Colmar has been distributing chickens to households since 2015, and the initiative has been met with enough success that chicken drives happen twice a year now.

But Colmar is far from the only place in France rolling out innovative green initiatives - an increasing number of green mayors and local politicians means that many towns are trying out new methods of aiding the environment.

Here's a few examples;

Free worms

Several cities and municipalities across the country have launched initiatives to encourage composting, with many offering free worms to help.
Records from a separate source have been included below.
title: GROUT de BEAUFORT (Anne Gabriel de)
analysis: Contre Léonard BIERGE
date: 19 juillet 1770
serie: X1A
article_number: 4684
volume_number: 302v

For those living in Paris, free worm composting bins can be retrieved during the city's distribution campaigns, which are usually announced on the Town Hall’s website. The city also offers a short, 45-minute training session to learn how to use the bin.  

In other parts of France, like the Aix-Marseille-Provence metropolitan area, you can order a €10 wooden composter or an individual worm composter on the local authority’s website. In the Greater Lyon area, your town hall can send you composting materials for free if you register online.
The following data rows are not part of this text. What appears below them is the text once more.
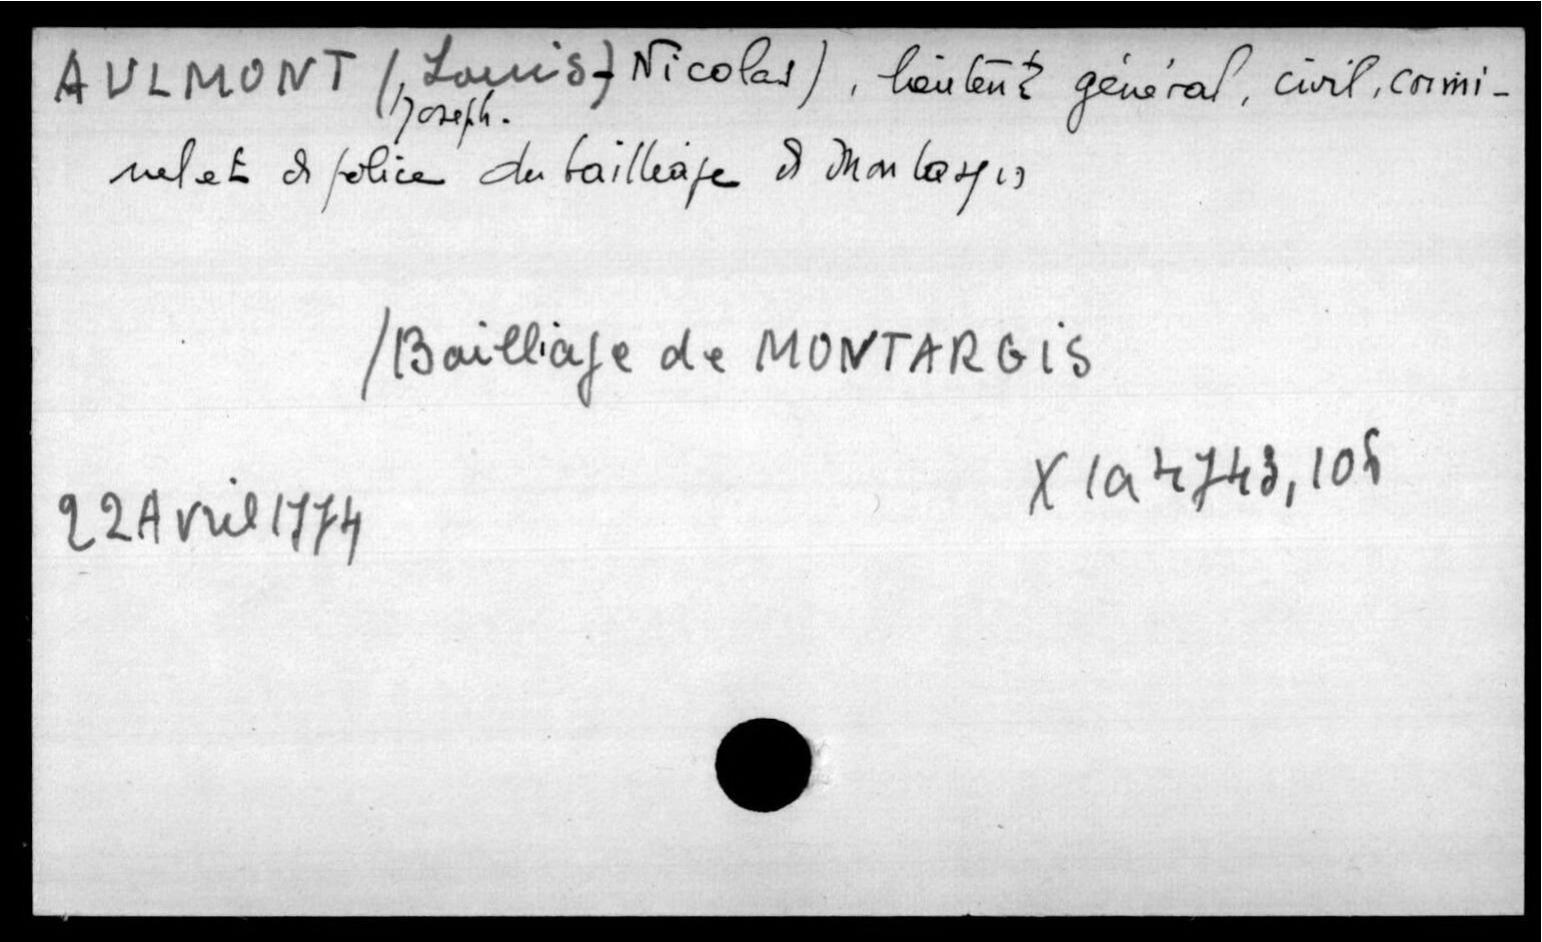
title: AULMONT (Louis-Nicolas), lieutenant général, civil, criminel de police du bailliage de Montargis
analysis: Contre Bailliage de MONTARGIS
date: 22 avril 1774
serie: X1a
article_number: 4743
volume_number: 105
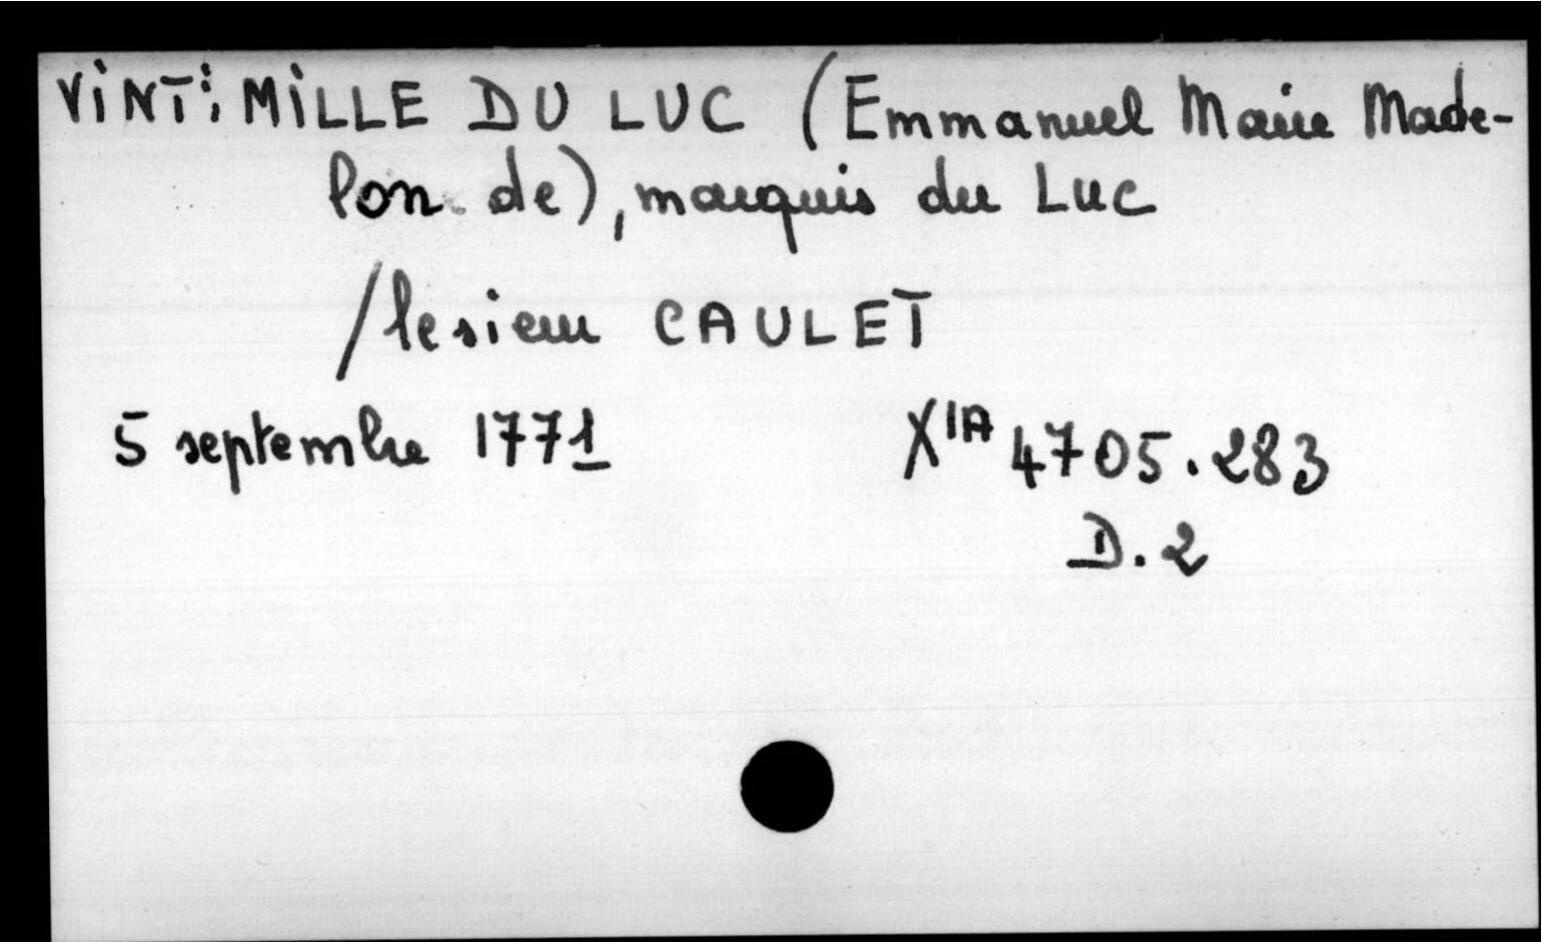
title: VINTIMILLE DU LUC (Emmanuel maire Madelon de), marquis du Luc
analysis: Contre le sieur CAULET
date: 5 septembre 1771
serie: X1A
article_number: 4705
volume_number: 283 Défauts, 2

READ MORE: Free worms: How to start composting in France

Composting is also set to become more standardised in France. Starting in January 2024, all local authorities across the country will need to give households a way to compost – whether that be via separate bins for collection, individual or collective composting.


Vegetarian and organic school lunches

Since 2014, the city of Grenoble has been reducing the amount of meat offered on school lunch menus. At the start of the 2022-2023 school year, the city moved to a full vegetarian menu. Students can still choose to take a meal with meat or fish, but they are now given the option for a vegetarian alternative each day. 
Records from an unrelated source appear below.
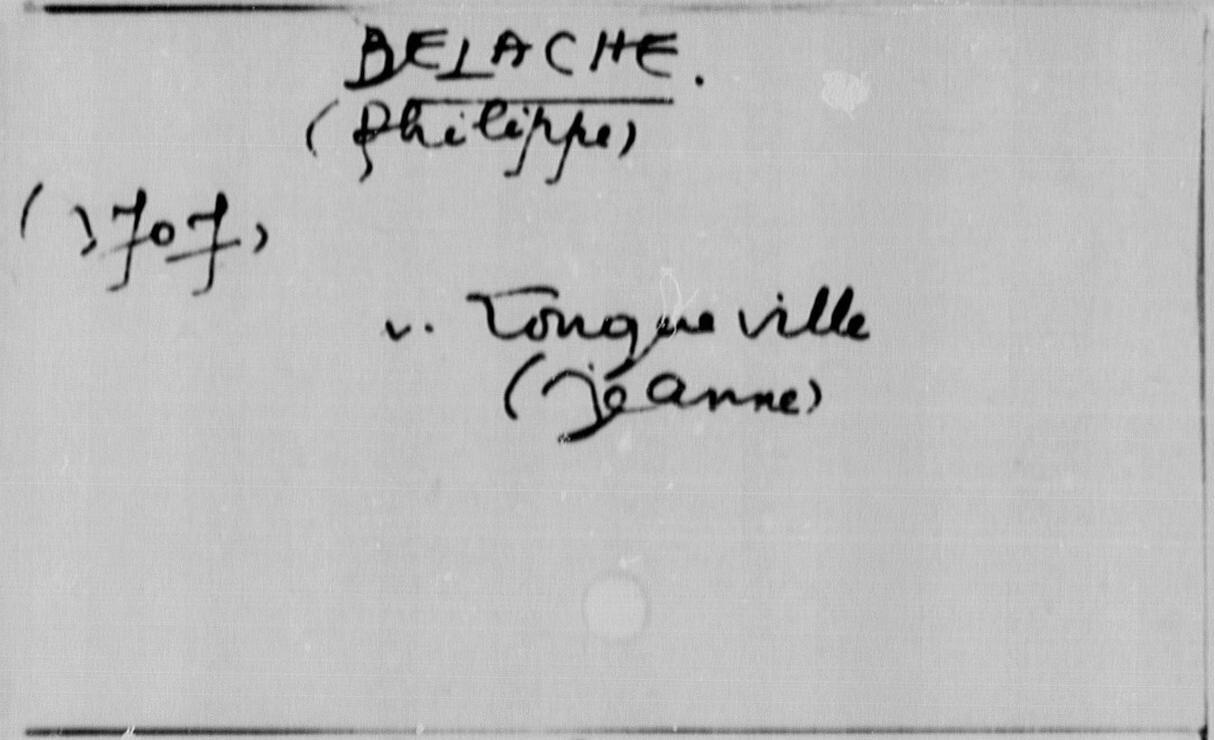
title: BELACHE (Philippe)
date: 1707
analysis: Voir Longueville (Jeanne)

The menu offered includes three choices: red (a meal with meat or fish), blue (a meal with fish), or green (a vegetarian meal). Parents have 72 hours to choose their child's meal ahead of time, but if they forget then the default will be vegetarian. 

"We want to reverse the logic. Before, the standard menu was with meat or fish, and people would need to request a meal without pork or without meat. Now, we are trying to flip that," Eric Piolle, the Green party mayor of Grenoble told Franceinfo in September.

Another French town, Langouët, located in Brittany, outside of Rennes, offers 100 percent organic meals in their school canteen.


'Oases' for school courtyards

As heatwaves become more common in France, Paris often suffers from being a 'heat island'. In order to help keep the city cool, the town hall launched "Project Oasis". The plan is to remove asphalt from school yards and increase green space.

READ MORE: Trees to trams: How French cities are adapting to summer heatwaves

As schoolyards take up over half a million square metres in Paris, this offers a large amount of space that can be radically cooled down. In 2020, the city started with just three schools, and will continue expanding throughout the decade.

The plan goes beyond simply adding grass to courtyards - the holistic approach involves creative engineering intended to increase social cohesion and inclusion at French schools.

Sustainable Christmas

In 2020, the mayor of Bordeaux, Pierre Hurmic, made headlines when he announced that the city would no longer put "dead trees" on display in its squares during Christmastime. Instead, the city of Bordeaux unveiled an art installation by a local artist, which was made up of recycled glass in the shape of a tall Christmas tree, holding true to the seasonal colour of emerald green.

More recently, the town of Évian-les-Bains, located in the Alps in south-eastern France, continued their 16-year tradition of 'alternative' Christmas markets in 2022. The items offered in the market - most of which are sculptures and artistic objects - are all homemade and completely free with the primary goal of decreasing waste.

As a result, many people opt for driftwood to put together their Christmas-themed sculptures.

All food offered is local, offered on reusable cups and plates. In 2022, there was a lit-up Christmas tree, which was powered by the peddling feet of several members of the public who kept green energy flowing into the lights.